____ THE INPUT
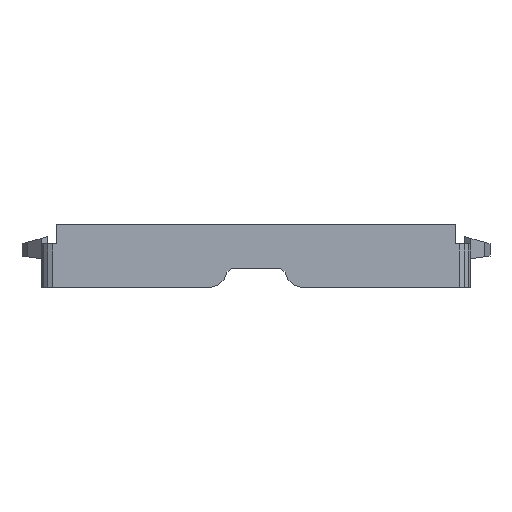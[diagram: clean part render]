
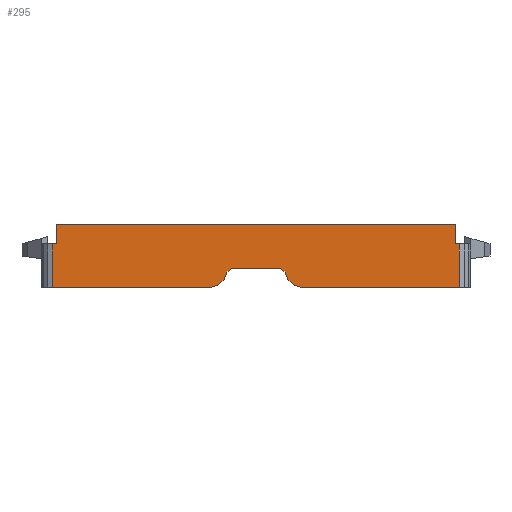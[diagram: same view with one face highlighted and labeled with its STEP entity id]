
A CAD part, front view. The second image highlights one B-rep face of the part: STEP entity #295.
In plain terms, the highlighted planar face has unit normal (0, -1, 0).
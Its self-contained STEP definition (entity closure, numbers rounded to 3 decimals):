
#163=AXIS2_PLACEMENT_3D('Plane Axis2P3D',#160,#161,#162) ;
#51=CARTESIAN_POINT('Vertex',(89.8,0.,13.)) ;
#54=CARTESIAN_POINT('Line Origine',(89.8,0.,11.)) ;
#58=CARTESIAN_POINT('Vertex',(89.8,0.,9.)) ;
#141=CARTESIAN_POINT('Vertex',(7.2,0.,13.)) ;
#144=CARTESIAN_POINT('Line Origine',(48.5,0.,13.)) ;
#160=CARTESIAN_POINT('Axis2P3D Location',(90.597,0.,0.)) ;
#165=CARTESIAN_POINT('Line Origine',(39.868,0.,0.241)) ;
#169=CARTESIAN_POINT('Vertex',(39.205,0.,0.)) ;
#171=CARTESIAN_POINT('Vertex',(40.531,0.,0.482)) ;
#174=CARTESIAN_POINT('Line Origine',(41.219,0.,1.06)) ;
#178=CARTESIAN_POINT('Vertex',(41.907,0.,1.637)) ;
#181=CARTESIAN_POINT('Line Origine',(42.18,0.,2.409)) ;
#185=CARTESIAN_POINT('Vertex',(42.453,0.,3.181)) ;
#188=CARTESIAN_POINT('Line Origine',(42.941,0.,3.591)) ;
#192=CARTESIAN_POINT('Vertex',(43.429,0.,4.)) ;
#195=CARTESIAN_POINT('Line Origine',(48.5,0.,4.)) ;
#199=CARTESIAN_POINT('Vertex',(53.571,0.,4.)) ;
#202=CARTESIAN_POINT('Line Origine',(54.059,0.,3.591)) ;
#206=CARTESIAN_POINT('Vertex',(54.547,0.,3.181)) ;
#209=CARTESIAN_POINT('Line Origine',(54.82,0.,2.409)) ;
#213=CARTESIAN_POINT('Vertex',(55.093,0.,1.637)) ;
#216=CARTESIAN_POINT('Line Origine',(55.781,0.,1.06)) ;
#220=CARTESIAN_POINT('Vertex',(56.469,0.,0.482)) ;
#223=CARTESIAN_POINT('Line Origine',(57.132,0.,0.241)) ;
#227=CARTESIAN_POINT('Vertex',(57.795,0.,0.)) ;
#230=CARTESIAN_POINT('Line Origine',(74.196,0.,0.)) ;
#234=CARTESIAN_POINT('Vertex',(90.597,0.,0.)) ;
#237=CARTESIAN_POINT('Line Origine',(90.597,0.,4.5)) ;
#241=CARTESIAN_POINT('Vertex',(90.597,0.,9.)) ;
#244=CARTESIAN_POINT('Line Origine',(90.198,0.,9.)) ;
#249=CARTESIAN_POINT('Line Origine',(7.2,0.,11.)) ;
#253=CARTESIAN_POINT('Vertex',(7.2,0.,9.)) ;
#256=CARTESIAN_POINT('Line Origine',(6.802,0.,9.)) ;
#260=CARTESIAN_POINT('Vertex',(6.403,0.,9.)) ;
#263=CARTESIAN_POINT('Line Origine',(6.403,0.,4.5)) ;
#267=CARTESIAN_POINT('Vertex',(6.403,0.,0.)) ;
#270=CARTESIAN_POINT('Line Origine',(22.804,0.,0.)) ;
#55=DIRECTION('Vector Direction',(0.,0.,1.)) ;
#145=DIRECTION('Vector Direction',(1.,0.,0.)) ;
#161=DIRECTION('Axis2P3D Direction',(0.,1.,0.)) ;
#162=DIRECTION('Axis2P3D XDirection',(-1.,0.,0.)) ;
#166=DIRECTION('Vector Direction',(0.94,0.,0.342)) ;
#175=DIRECTION('Vector Direction',(0.766,0.,0.643)) ;
#182=DIRECTION('Vector Direction',(0.333,0.,0.943)) ;
#189=DIRECTION('Vector Direction',(0.766,0.,0.643)) ;
#196=DIRECTION('Vector Direction',(-1.,0.,0.)) ;
#203=DIRECTION('Vector Direction',(-0.766,0.,0.643)) ;
#210=DIRECTION('Vector Direction',(-0.333,0.,0.943)) ;
#217=DIRECTION('Vector Direction',(-0.766,0.,0.643)) ;
#224=DIRECTION('Vector Direction',(-0.94,0.,0.342)) ;
#231=DIRECTION('Vector Direction',(-1.,0.,0.)) ;
#238=DIRECTION('Vector Direction',(0.,0.,1.)) ;
#245=DIRECTION('Vector Direction',(-1.,0.,0.)) ;
#250=DIRECTION('Vector Direction',(0.,0.,1.)) ;
#257=DIRECTION('Vector Direction',(-1.,0.,0.)) ;
#264=DIRECTION('Vector Direction',(0.,0.,1.)) ;
#271=DIRECTION('Vector Direction',(-1.,0.,0.)) ;
#56=VECTOR('Line Direction',#55,1.) ;
#146=VECTOR('Line Direction',#145,1.) ;
#167=VECTOR('Line Direction',#166,1.) ;
#176=VECTOR('Line Direction',#175,1.) ;
#183=VECTOR('Line Direction',#182,1.) ;
#190=VECTOR('Line Direction',#189,1.) ;
#197=VECTOR('Line Direction',#196,1.) ;
#204=VECTOR('Line Direction',#203,1.) ;
#211=VECTOR('Line Direction',#210,1.) ;
#218=VECTOR('Line Direction',#217,1.) ;
#225=VECTOR('Line Direction',#224,1.) ;
#232=VECTOR('Line Direction',#231,1.) ;
#239=VECTOR('Line Direction',#238,1.) ;
#246=VECTOR('Line Direction',#245,1.) ;
#251=VECTOR('Line Direction',#250,1.) ;
#258=VECTOR('Line Direction',#257,1.) ;
#265=VECTOR('Line Direction',#264,1.) ;
#272=VECTOR('Line Direction',#271,1.) ;
#276=ORIENTED_EDGE('',*,*,#173,.T.) ;
#277=ORIENTED_EDGE('',*,*,#180,.T.) ;
#278=ORIENTED_EDGE('',*,*,#187,.T.) ;
#279=ORIENTED_EDGE('',*,*,#194,.T.) ;
#280=ORIENTED_EDGE('',*,*,#201,.F.) ;
#281=ORIENTED_EDGE('',*,*,#208,.F.) ;
#282=ORIENTED_EDGE('',*,*,#215,.F.) ;
#283=ORIENTED_EDGE('',*,*,#222,.F.) ;
#284=ORIENTED_EDGE('',*,*,#229,.F.) ;
#285=ORIENTED_EDGE('',*,*,#236,.T.) ;
#286=ORIENTED_EDGE('',*,*,#243,.T.) ;
#287=ORIENTED_EDGE('',*,*,#248,.F.) ;
#288=ORIENTED_EDGE('',*,*,#60,.F.) ;
#289=ORIENTED_EDGE('',*,*,#148,.F.) ;
#290=ORIENTED_EDGE('',*,*,#255,.T.) ;
#291=ORIENTED_EDGE('',*,*,#262,.F.) ;
#292=ORIENTED_EDGE('',*,*,#269,.F.) ;
#293=ORIENTED_EDGE('',*,*,#274,.T.) ;
#295=ADVANCED_FACE('S3D - gedreht',(#294),#164,.F.) ;
#60=EDGE_CURVE('',#52,#59,#57,.F.) ;
#148=EDGE_CURVE('',#142,#52,#147,.T.) ;
#173=EDGE_CURVE('',#170,#172,#168,.T.) ;
#180=EDGE_CURVE('',#172,#179,#177,.T.) ;
#187=EDGE_CURVE('',#179,#186,#184,.T.) ;
#194=EDGE_CURVE('',#186,#193,#191,.T.) ;
#201=EDGE_CURVE('',#200,#193,#198,.T.) ;
#208=EDGE_CURVE('',#207,#200,#205,.T.) ;
#215=EDGE_CURVE('',#214,#207,#212,.T.) ;
#222=EDGE_CURVE('',#221,#214,#219,.T.) ;
#229=EDGE_CURVE('',#228,#221,#226,.T.) ;
#236=EDGE_CURVE('',#228,#235,#233,.F.) ;
#243=EDGE_CURVE('',#235,#242,#240,.T.) ;
#248=EDGE_CURVE('',#59,#242,#247,.F.) ;
#255=EDGE_CURVE('',#142,#254,#252,.F.) ;
#262=EDGE_CURVE('',#261,#254,#259,.F.) ;
#269=EDGE_CURVE('',#268,#261,#266,.T.) ;
#274=EDGE_CURVE('',#268,#170,#273,.F.) ;
#275=EDGE_LOOP('',(#276,#277,#278,#279,#280,#281,#282,#283,#284,#285,#286,#287,#288,#289,#290,#291,#292,#293)) ;
#294=FACE_OUTER_BOUND('',#275,.T.) ;
#57=LINE('Line',#54,#56) ;
#147=LINE('Line',#144,#146) ;
#168=LINE('Line',#165,#167) ;
#177=LINE('Line',#174,#176) ;
#184=LINE('Line',#181,#183) ;
#191=LINE('Line',#188,#190) ;
#198=LINE('Line',#195,#197) ;
#205=LINE('Line',#202,#204) ;
#212=LINE('Line',#209,#211) ;
#219=LINE('Line',#216,#218) ;
#226=LINE('Line',#223,#225) ;
#233=LINE('Line',#230,#232) ;
#240=LINE('Line',#237,#239) ;
#247=LINE('Line',#244,#246) ;
#252=LINE('Line',#249,#251) ;
#259=LINE('Line',#256,#258) ;
#266=LINE('Line',#263,#265) ;
#273=LINE('Line',#270,#272) ;
#164=PLANE('',#163) ;
#52=VERTEX_POINT('',#51) ;
#59=VERTEX_POINT('',#58) ;
#142=VERTEX_POINT('',#141) ;
#170=VERTEX_POINT('',#169) ;
#172=VERTEX_POINT('',#171) ;
#179=VERTEX_POINT('',#178) ;
#186=VERTEX_POINT('',#185) ;
#193=VERTEX_POINT('',#192) ;
#200=VERTEX_POINT('',#199) ;
#207=VERTEX_POINT('',#206) ;
#214=VERTEX_POINT('',#213) ;
#221=VERTEX_POINT('',#220) ;
#228=VERTEX_POINT('',#227) ;
#235=VERTEX_POINT('',#234) ;
#242=VERTEX_POINT('',#241) ;
#254=VERTEX_POINT('',#253) ;
#261=VERTEX_POINT('',#260) ;
#268=VERTEX_POINT('',#267) ;
________
→ **WORK REQUIRED**: Print only what lies in the material above starting at the line with "#239=VECTOR('Line Direction',#238,1.) ;" and ending at the line with "#276=ORIENTED_EDGE('',*,*,#173,.T.) ;", every line exactly as given.

→ **ANSWER SECTION**:
#239=VECTOR('Line Direction',#238,1.) ;
#246=VECTOR('Line Direction',#245,1.) ;
#251=VECTOR('Line Direction',#250,1.) ;
#258=VECTOR('Line Direction',#257,1.) ;
#265=VECTOR('Line Direction',#264,1.) ;
#272=VECTOR('Line Direction',#271,1.) ;
#276=ORIENTED_EDGE('',*,*,#173,.T.) ;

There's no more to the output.